• _What you should do_:
What are the lines, word for word, from the line with "An aerial image. It shows: Primary" up to and including the line with "Axial lung CT" in the records below? Omit the pictures.

• _Extracted data_:

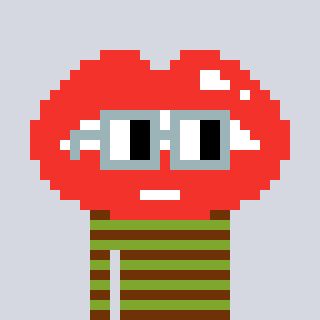
a pixel art character with square dark gray glasses, a lips-shaped head and a slimegreen-colored body on a cool background
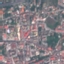
Label: Residential
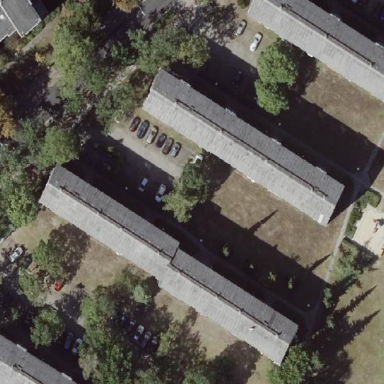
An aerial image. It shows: Gabled roof adorns the apartments building.
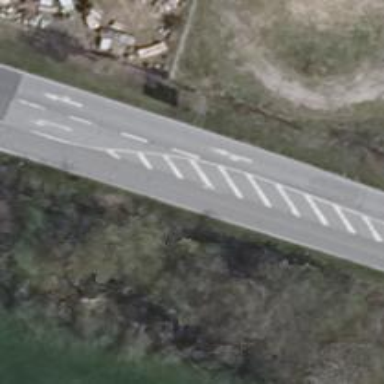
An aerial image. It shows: Primary road with asphalt surface.
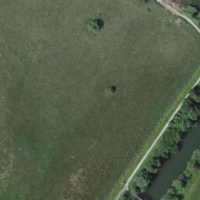
EUNIS habitat code: 21
Species observed at this site:
Lythrum salicaria
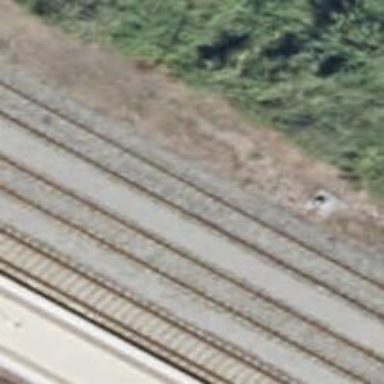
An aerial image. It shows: Railway siding with rails.
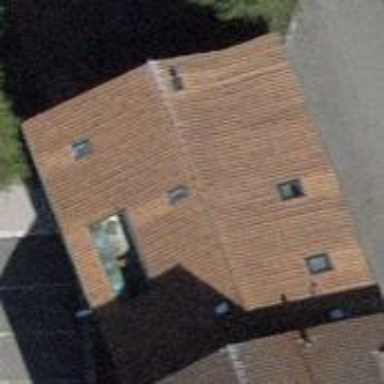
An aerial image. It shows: Building with tile roof.
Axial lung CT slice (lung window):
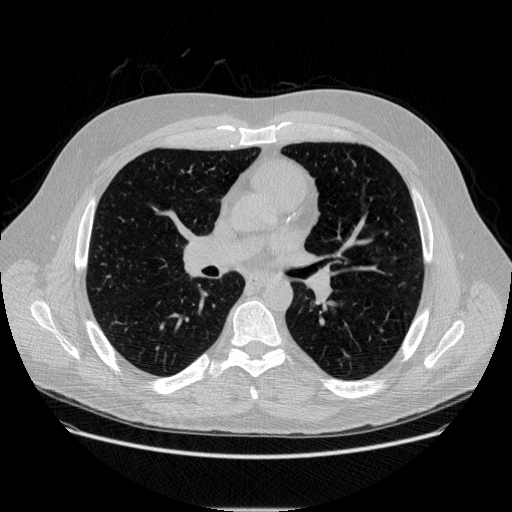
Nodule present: no
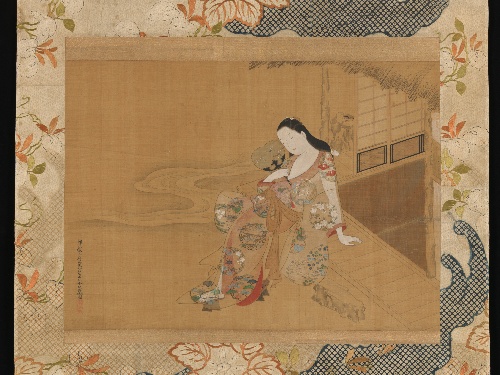
Artist: Ogawa Haritsu (Ritsuō)
Artist bio: Japanese, 1663–1747
Date: 1741
Object type: Hanging scroll
Classification: Paintings
Medium: Hanging scroll; ink and color on silk
Culture: Japan
Period: Edo period (1615–1868)
Dimensions: Image: 15 1/4 × 21 5/16 in. (38.7 × 54.2 cm)
Overall with mounting: 51 11/16 × 26 7/8 in. (131.3 × 68.3 cm)
Overall with knobs: 51 11/16 × 29 1/16 in. (131.3 × 73.8 cm)
Department: Asian Art
Credit line: Mary Griggs Burke Collection, Gift of the Mary and Jackson Burke Foundation, 2015
Accession year: 2015
Repository: Metropolitan Museum of Art, New York, NY
Tags: Fans|Women
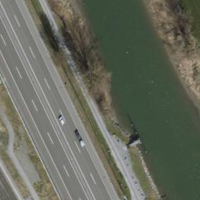
EUNIS habitat code: 57
Species observed at this site:
Chroicocephalus ridibundus
Fulica atra
Anas platyrhynchos
Datura stramonium
Dendrocopos major
Fringilla coelebs
Passer domesticus
Columba livia
Turdus merula
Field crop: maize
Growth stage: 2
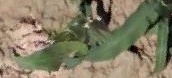
Species: maize
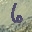
Label: 6

• _Answer for this exercise_:
An aerial image. It shows: Primary road with asphalt surface.
EUNIS habitat code: 21
Species observed at this site:
Lythrum salicaria
An aerial image. It shows: Railway siding with rails.
An aerial image. It shows: Building with tile roof.
Axial lung CT slice (lung window):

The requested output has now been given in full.